File /home/pai/envs/unified_io/lib/python3.9/site-packages/jax/linear_util.py:167, in WrappedFun.call_wrapped(self, *args, *kwargs) 164 gen = gen_static_args = out_store = None 166 try: --> 167 ans = self.f(args, dict(self.params, kwargs)) 168 except: 169 # Some transformations yield from inside context managers, so we have to 170 # interrupt them before reraising the exception. Otherwise they will only 171 # get garbage-collected at some later time, running their cleanup tasks 172 # only after this exception is handled, which can corrupt the global 173 # state. 174 while stack: , in TargetSequence.post_init(self) 90 assert self.position_id.shape[:2] in [(1, seq_len), (bs, seq_len)] 92 assert self.modality_id.shape in [(), (1, seq_len), (bs, seq_len)] ---> 93 assert self.modality_id.dtype == jnp.int32 95 if self.target_tokens is not None: 96 assert self.target_tokens.shape == (bs, seq_len)

AssertionError:

@chrisc36 @robooootx did you ever find a solution to this?

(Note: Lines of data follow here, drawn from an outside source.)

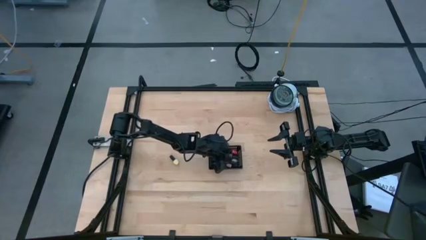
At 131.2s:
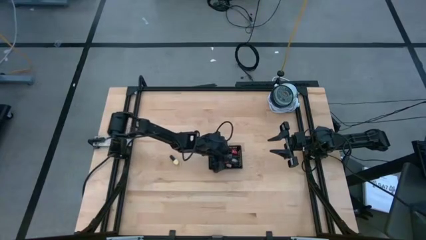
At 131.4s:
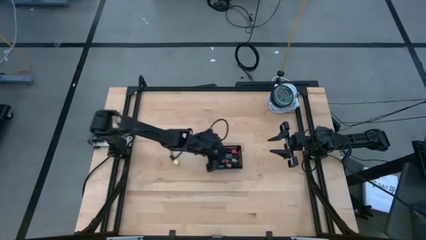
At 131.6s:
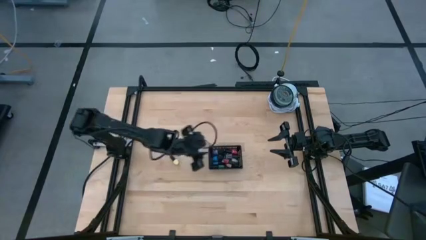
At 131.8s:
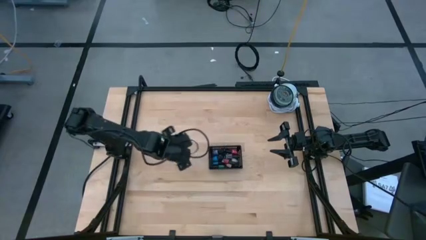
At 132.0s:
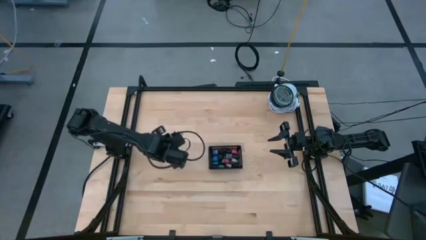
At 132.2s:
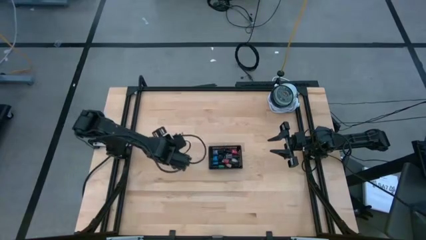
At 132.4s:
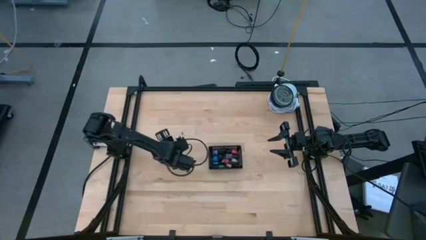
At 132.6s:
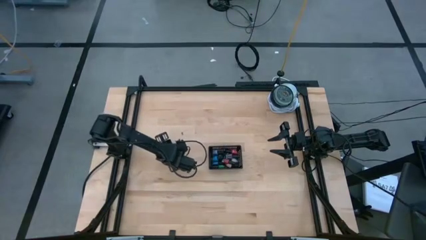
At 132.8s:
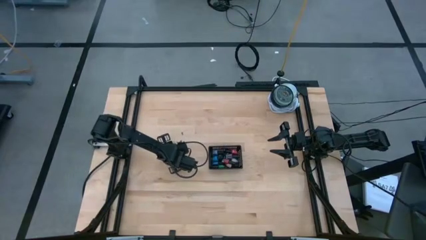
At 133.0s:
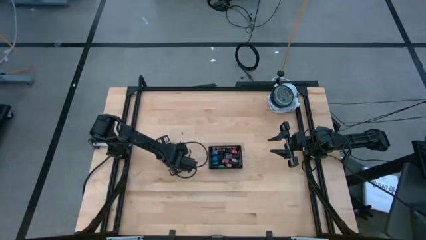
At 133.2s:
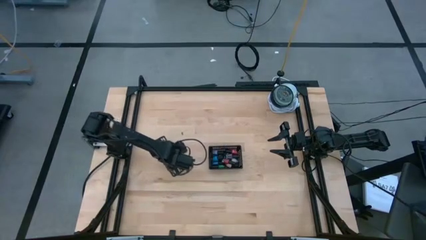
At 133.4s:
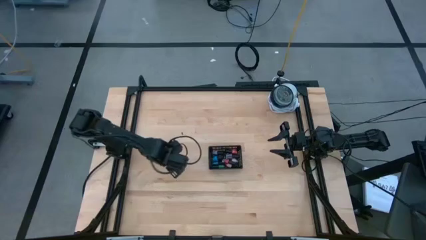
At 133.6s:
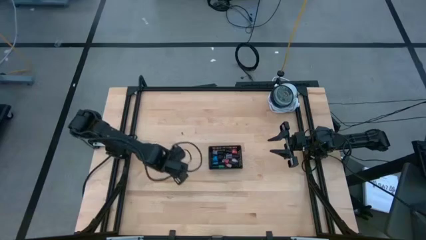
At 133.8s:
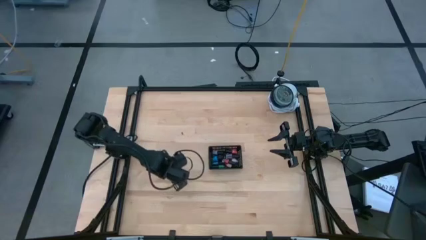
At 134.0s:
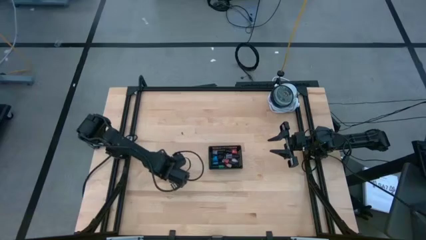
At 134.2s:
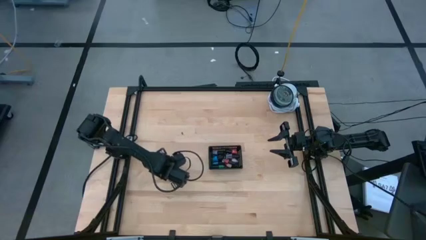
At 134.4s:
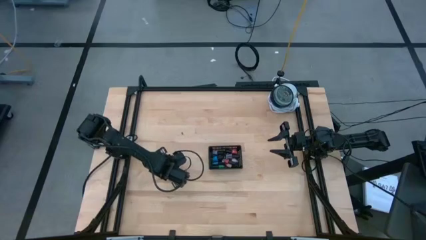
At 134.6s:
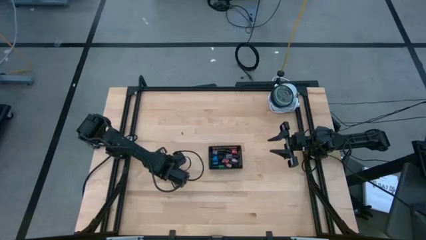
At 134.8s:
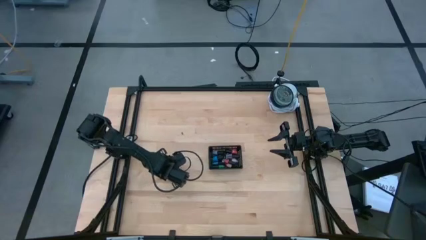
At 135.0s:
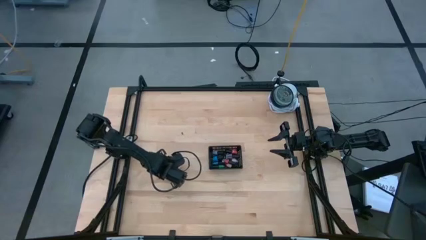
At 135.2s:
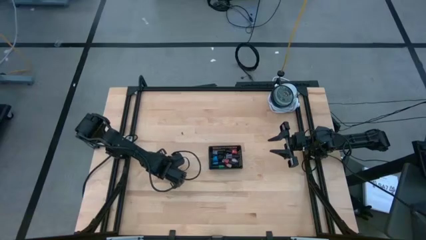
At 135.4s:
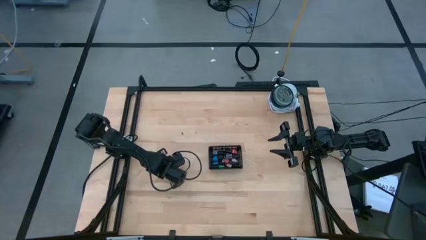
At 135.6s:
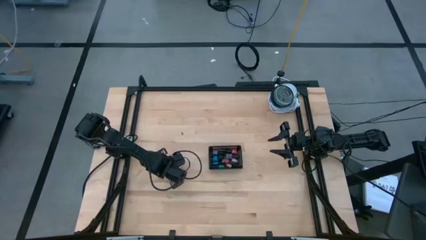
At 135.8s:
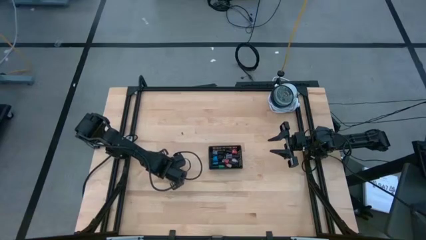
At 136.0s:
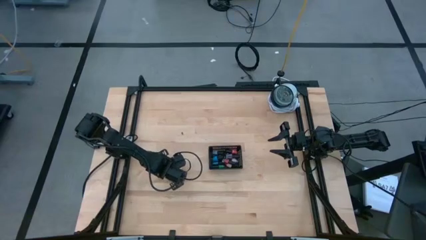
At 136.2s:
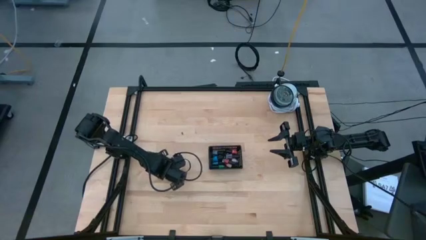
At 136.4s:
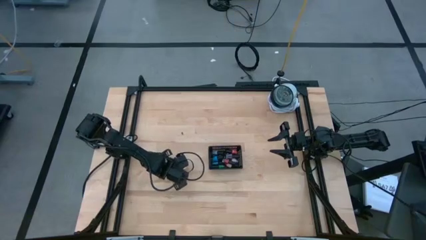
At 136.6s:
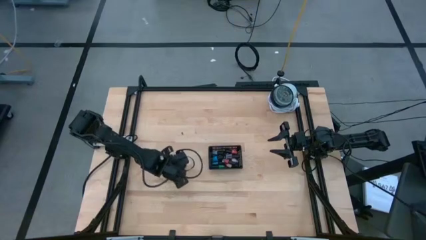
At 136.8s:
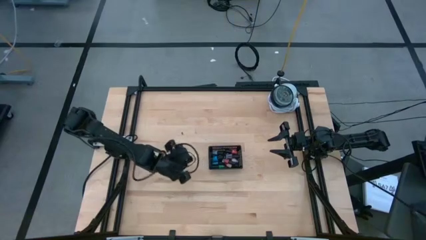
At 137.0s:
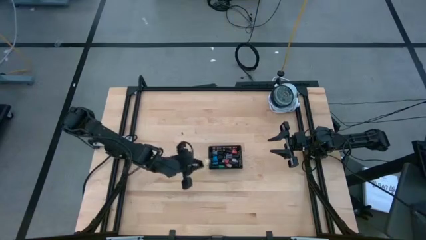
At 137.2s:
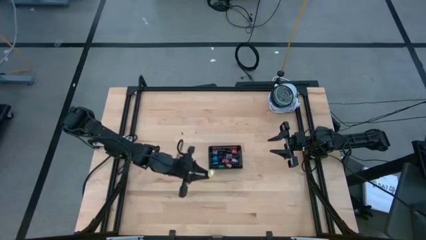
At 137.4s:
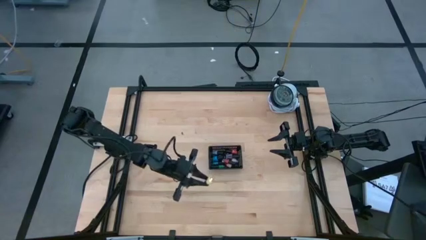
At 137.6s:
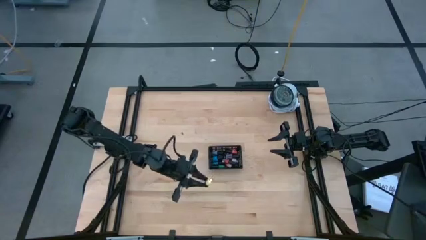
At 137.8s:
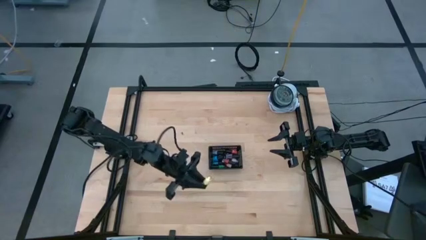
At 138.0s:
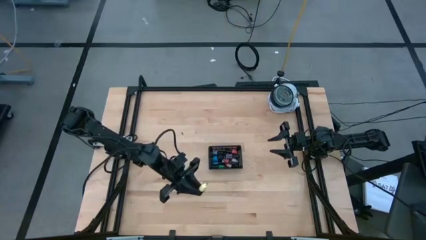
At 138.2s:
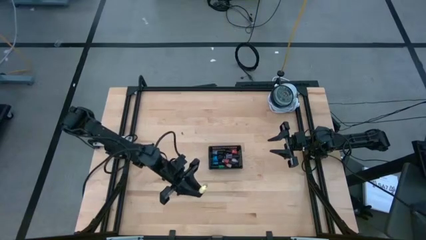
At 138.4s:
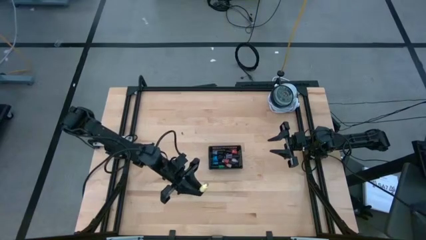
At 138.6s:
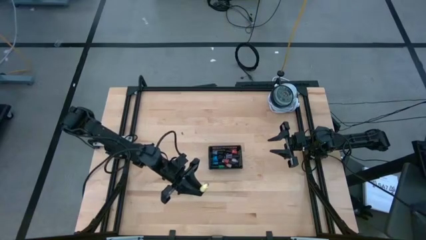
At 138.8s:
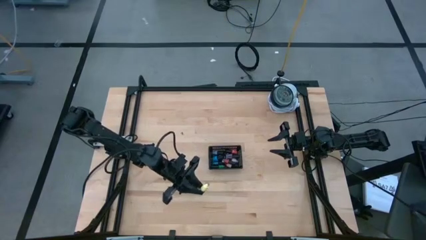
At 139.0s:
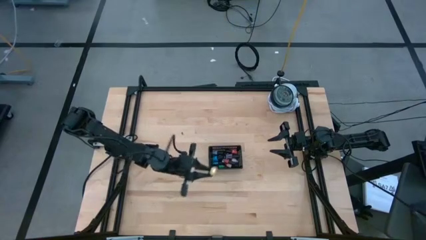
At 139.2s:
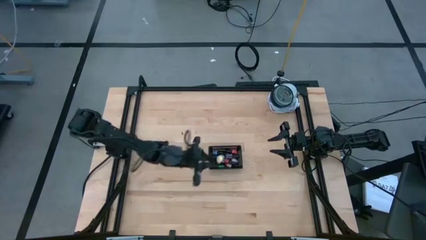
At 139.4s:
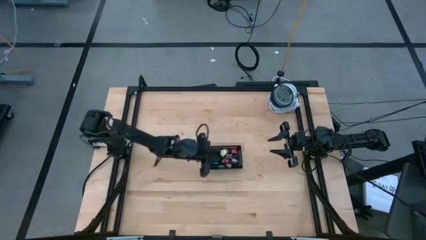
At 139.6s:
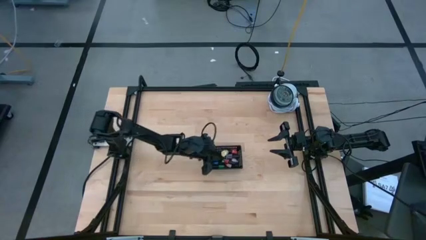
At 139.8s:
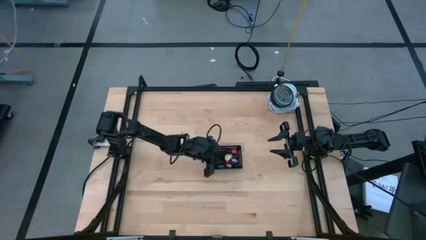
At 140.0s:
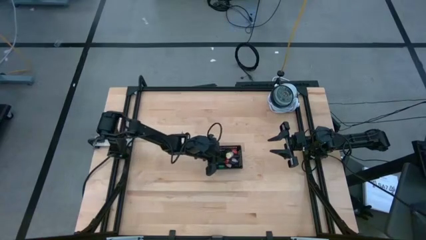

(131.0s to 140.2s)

zcczhang commented 9 months ago

for error TypeError: JAX only supports number and bool dtypes, got dtype bfloat16 in asarray It is mostly due to import orbax.checkpoint. Since this project has taken quite a long time, some of the packages we used are from older versions; recently we found that using pip install dependencies with Python 3.9 would indeed cause conflicts between the Jax and orbax.checkpoint if specifying dtype="bfloat16", but it still works with Python 3.8 (e.g., 3.8.10, which is the default in TPU VMs). After downgrading Python to 3.8, please also downgrade pyglove==0.4.3 which is required by seqio and the latest version released 3 weeks ago only supports Python 3.9. We'll look into this dependency issue more deeply but feel free to use this workaround for now!

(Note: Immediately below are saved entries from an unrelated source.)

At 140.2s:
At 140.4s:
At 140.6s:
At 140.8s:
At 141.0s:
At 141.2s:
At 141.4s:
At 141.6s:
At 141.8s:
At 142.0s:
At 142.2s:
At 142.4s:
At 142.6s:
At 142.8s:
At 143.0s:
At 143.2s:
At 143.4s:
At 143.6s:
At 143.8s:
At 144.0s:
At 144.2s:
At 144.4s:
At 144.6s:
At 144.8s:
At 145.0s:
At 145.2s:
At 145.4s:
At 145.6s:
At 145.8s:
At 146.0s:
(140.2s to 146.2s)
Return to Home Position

For AssertionError, I haven't met this with recent debugging. Could you please share more details? Can you provide a minimal script to reproduce? With the above change, there's no need to change dtype in t5x/examples/unified_io/t5_1_1/{model_size}.gin and t5x/examples/unified_io.config.py to float32 and you can directly set supports_bfloat16 = False or True if using GPU.

KevinKokinda commented 9 months ago

I only seem to get AssertionError when attempting to use float32. With your solution above using bfloat16 worked for me.